> **What you are asked to do**: Print the listing below only from the line that has "How to prepare ship bridge on departure" through the line that has "LIPUTAN KE PUNCAK", exactly, and drop any picture.

> **Data for analysis**:
★ ★ ★ ★

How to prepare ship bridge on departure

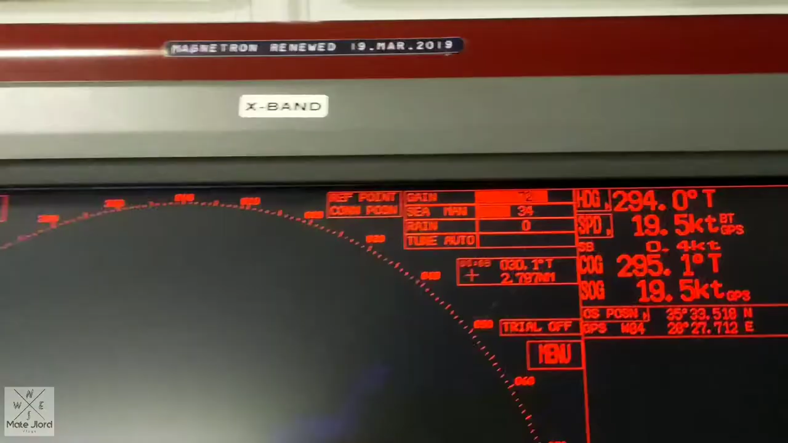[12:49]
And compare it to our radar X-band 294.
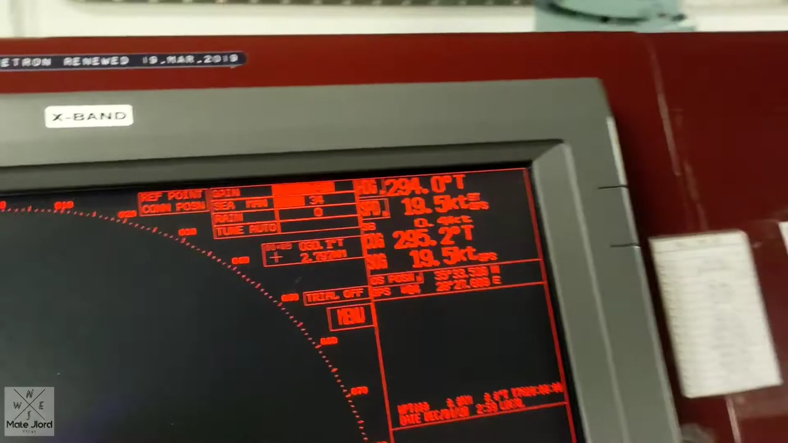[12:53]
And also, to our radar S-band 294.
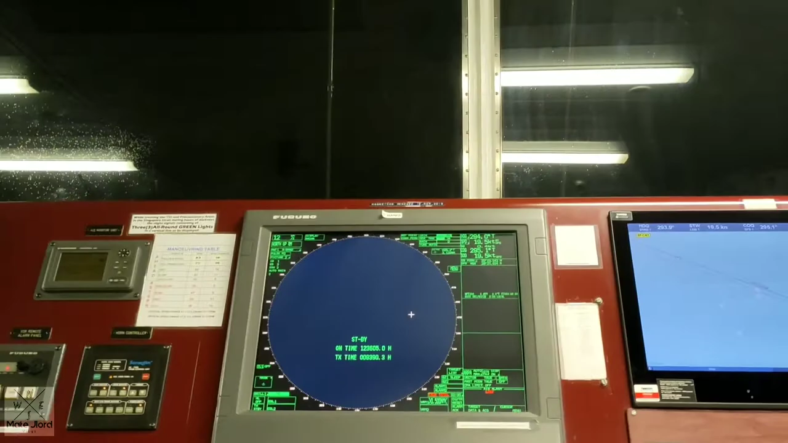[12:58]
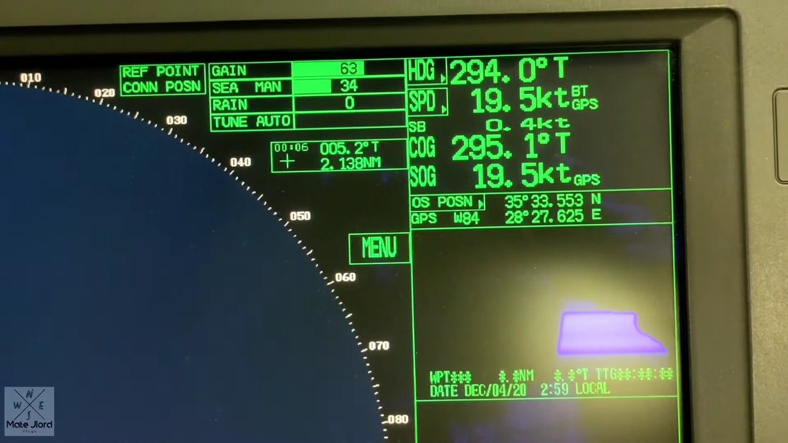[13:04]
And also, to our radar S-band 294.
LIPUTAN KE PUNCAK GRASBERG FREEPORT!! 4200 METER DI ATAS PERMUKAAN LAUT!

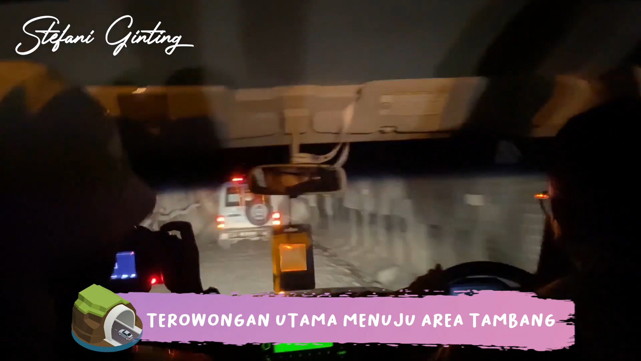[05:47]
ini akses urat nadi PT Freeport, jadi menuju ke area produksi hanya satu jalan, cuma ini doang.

★ ★ ★ ★

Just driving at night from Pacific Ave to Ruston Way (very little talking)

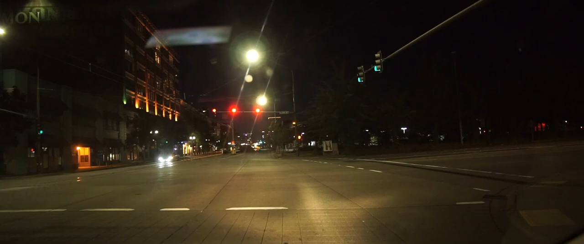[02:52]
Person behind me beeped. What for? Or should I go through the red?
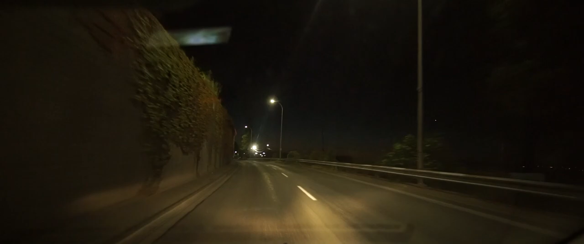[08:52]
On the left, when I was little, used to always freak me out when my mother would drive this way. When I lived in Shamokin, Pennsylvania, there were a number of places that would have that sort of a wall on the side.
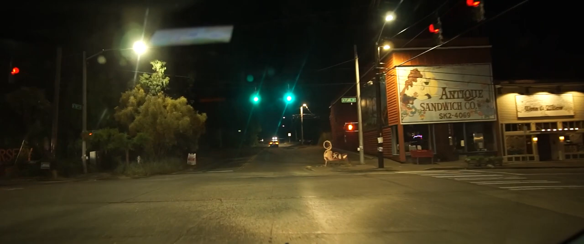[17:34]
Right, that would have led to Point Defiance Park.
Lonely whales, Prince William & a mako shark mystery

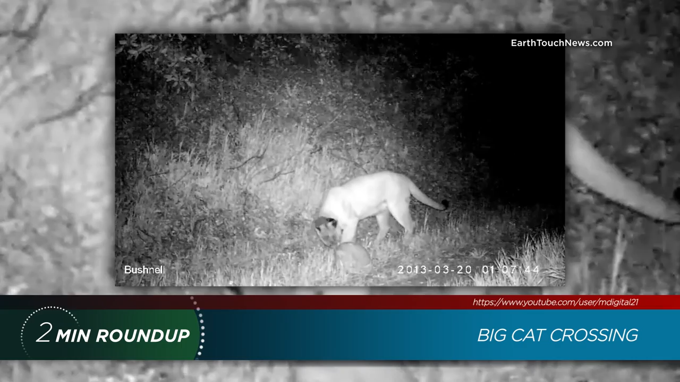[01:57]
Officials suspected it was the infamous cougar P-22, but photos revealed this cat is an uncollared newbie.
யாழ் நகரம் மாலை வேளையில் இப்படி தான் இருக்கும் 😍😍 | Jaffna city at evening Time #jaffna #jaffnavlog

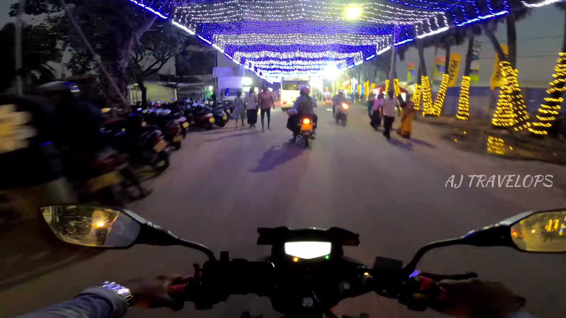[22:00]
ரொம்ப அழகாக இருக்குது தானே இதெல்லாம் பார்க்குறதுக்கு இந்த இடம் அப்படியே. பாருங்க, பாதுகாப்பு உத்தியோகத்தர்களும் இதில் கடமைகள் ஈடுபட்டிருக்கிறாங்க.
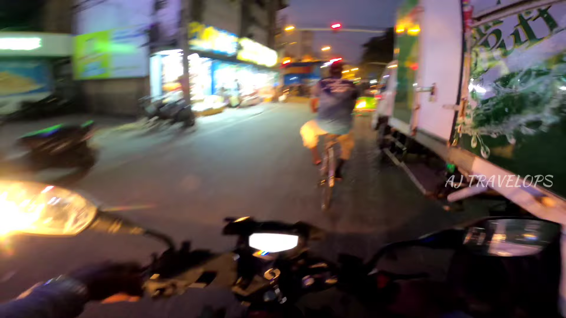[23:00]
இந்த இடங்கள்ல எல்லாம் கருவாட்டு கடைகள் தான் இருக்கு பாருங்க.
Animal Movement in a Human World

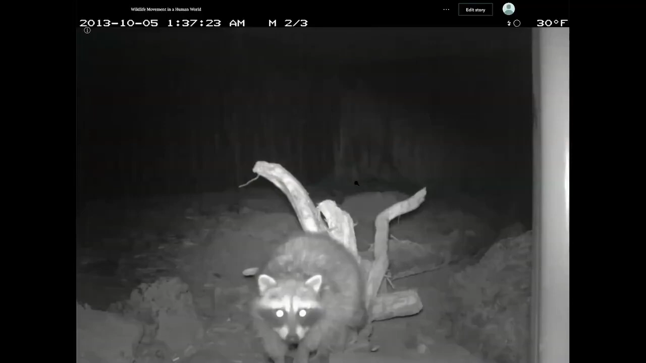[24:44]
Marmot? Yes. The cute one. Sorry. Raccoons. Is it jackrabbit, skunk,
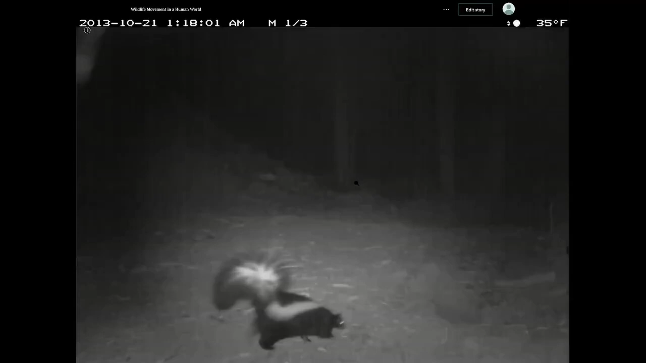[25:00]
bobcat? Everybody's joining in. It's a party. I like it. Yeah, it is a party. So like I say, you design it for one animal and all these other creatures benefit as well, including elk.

★ ★ ★ ★

> **Solution for this task**:
How to prepare ship bridge on departure

[12:49]
And compare it to our radar X-band 294.
[12:53]
And also, to our radar S-band 294.
[12:58]
[13:04]
And also, to our radar S-band 294.
LIPUTAN KE PUNCAK GRASBERG FREEPORT!! 4200 METER DI ATAS PERMUKAAN LAUT!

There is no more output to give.